Pictures must be kept out of the copy. Every entry is to be duplicated exactly.

══ Given data

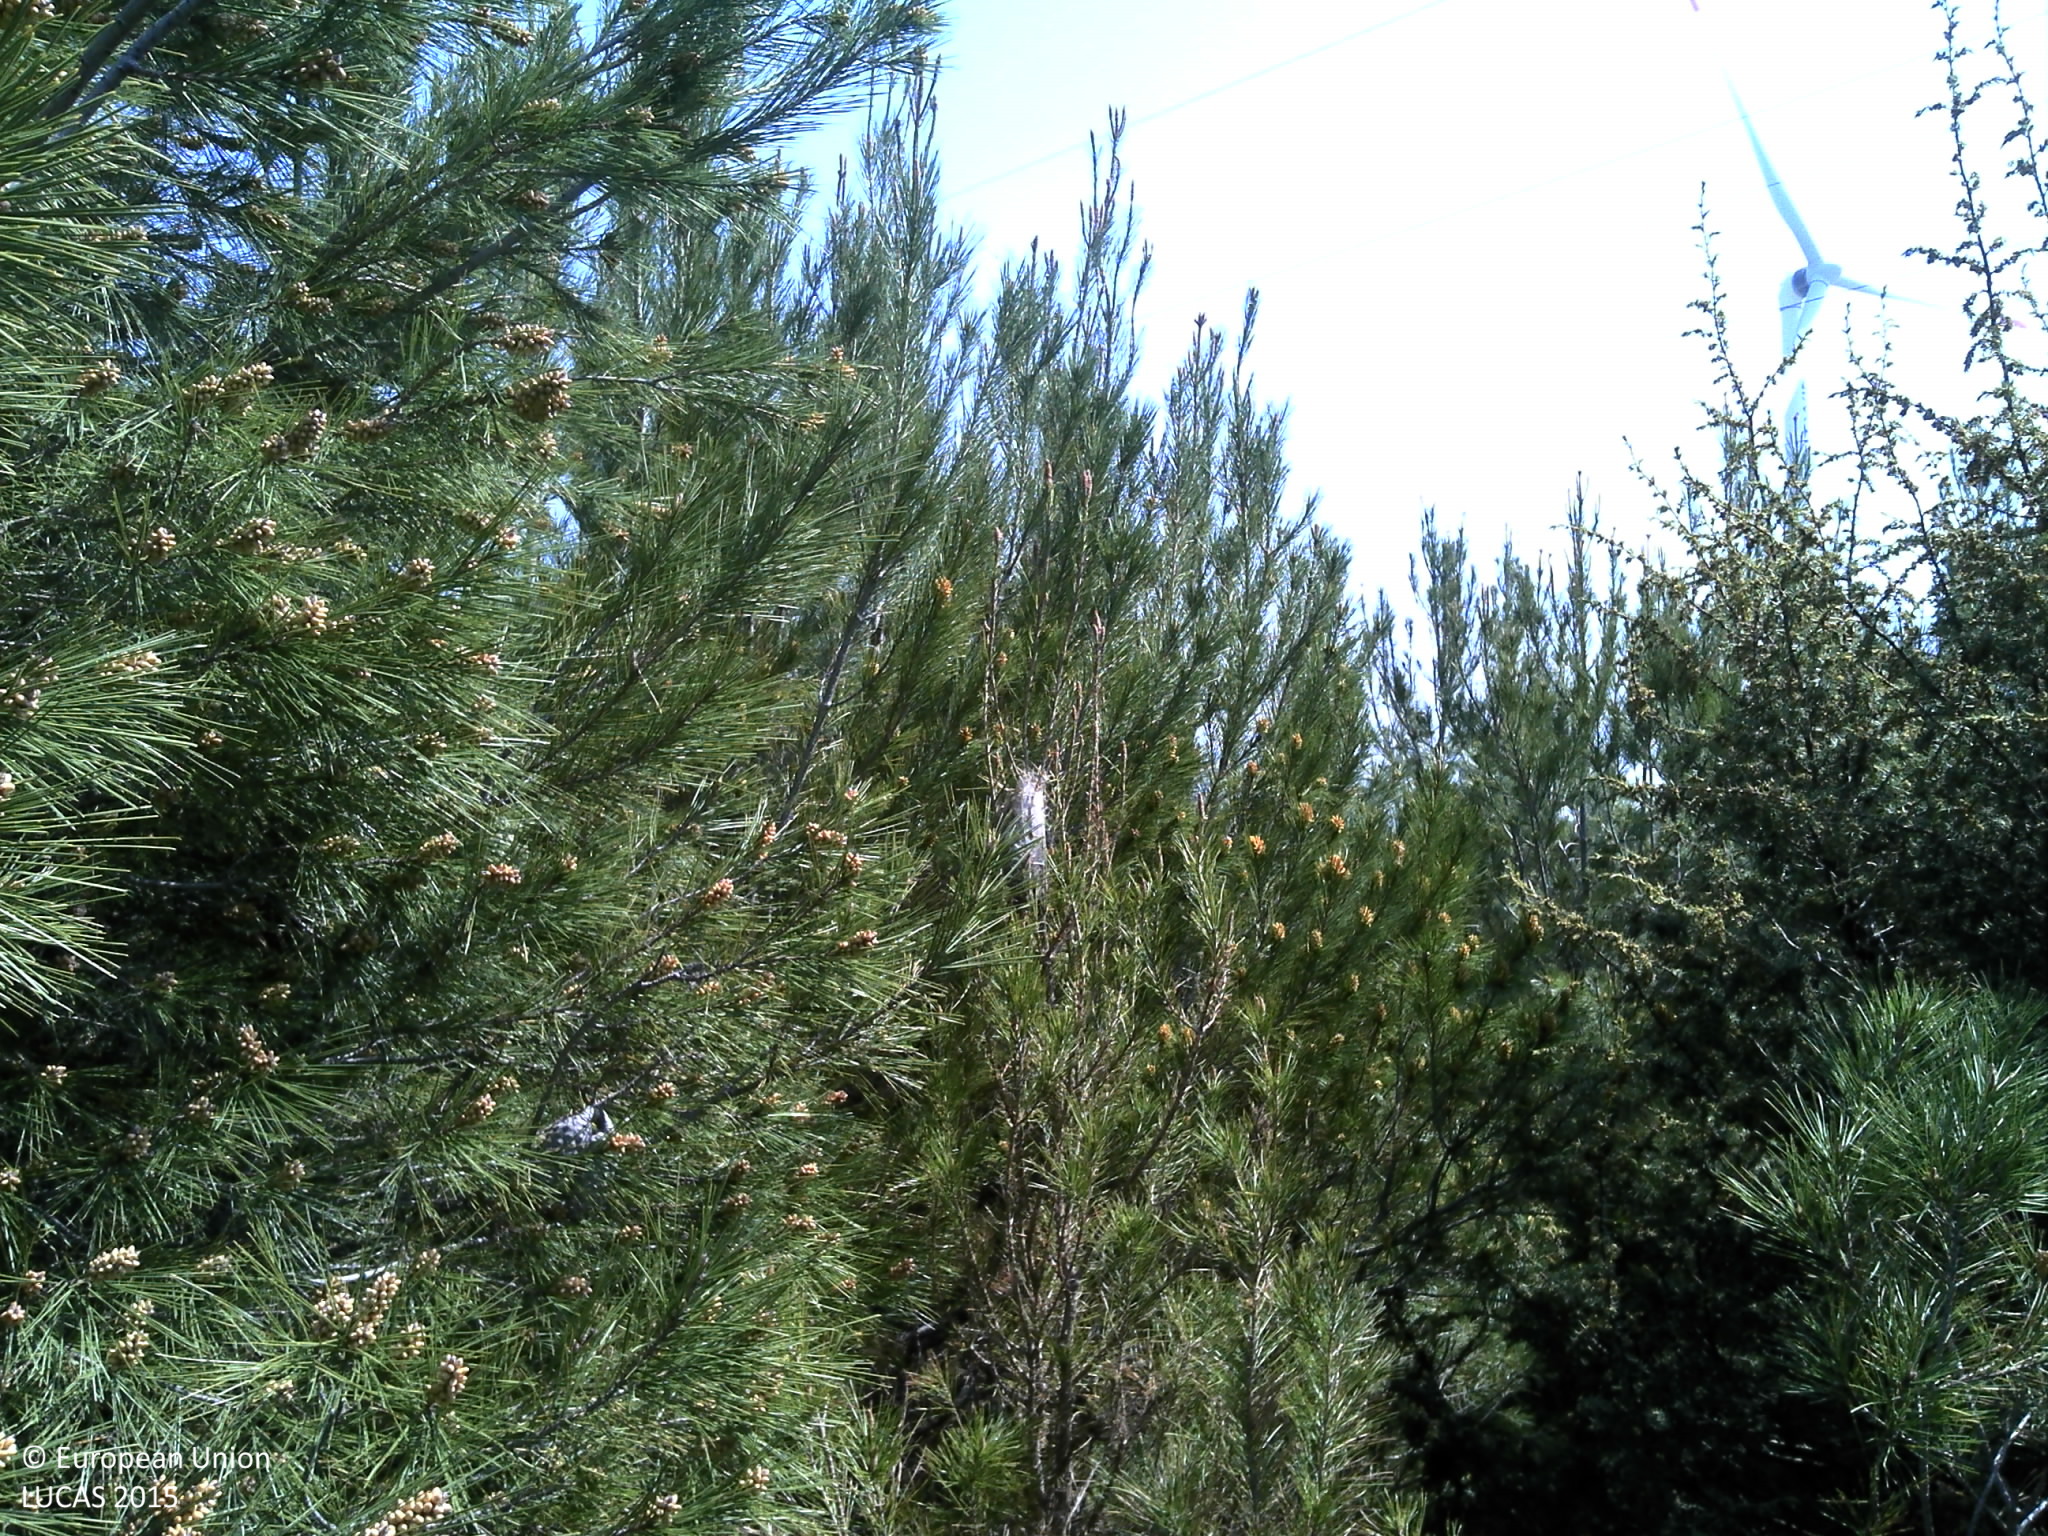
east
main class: Woodland
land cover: Pine dominated coniferous woodland
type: coniferous forest of the mediterranean region
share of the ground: > 75 %
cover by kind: coniferous forest trees 70 %, shrubs 20 %, herbaceous plants 5 %, unconsolidated bare surface 5 %
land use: Semi-natural and natural areas not in use
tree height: > 5 m
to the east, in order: Pine dominated coniferous woodland; Tracks; Electric lines; Pine dominated coniferous woodland; Dry stone walls; Pine dominated coniferous woodland; Dry stone walls; Shrubland with sparse tree cover; Dry stone walls; Pine dominated coniferous woodland; Tracks; Shrubland with sparse tree cover; Tracks; Pine dominated coniferous woodland; Dry stone walls; Shrubland with sparse tree cover; Dry stone walls; Pine dominated coniferous woodland; Tracks; Pine dominated coniferous woodland
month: April
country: HR
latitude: 43.7061
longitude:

════

▸ Result
east
main class: Woodland
land cover: Pine dominated coniferous woodland
type: coniferous forest of the mediterranean region
share of the ground: > 75 %
cover by kind: coniferous forest trees 70 %, shrubs 20 %, herbaceous plants 5 %, unconsolidated bare surface 5 %
land use: Semi-natural and natural areas not in use
tree height: > 5 m
to the east, in order: Pine dominated coniferous woodland; Tracks; Electric lines; Pine dominated coniferous woodland; Dry stone walls; Pine dominated coniferous woodland; Dry stone walls; Shrubland with sparse tree cover; Dry stone walls; Pine dominated coniferous woodland; Tracks; Shrubland with sparse tree cover; Tracks; Pine dominated coniferous woodland; Dry stone walls; Shrubland with sparse tree cover; Dry stone walls; Pine dominated coniferous woodland; Tracks; Pine dominated coniferous woodland
month: April
country: HR
latitude: 43.7061
longitude:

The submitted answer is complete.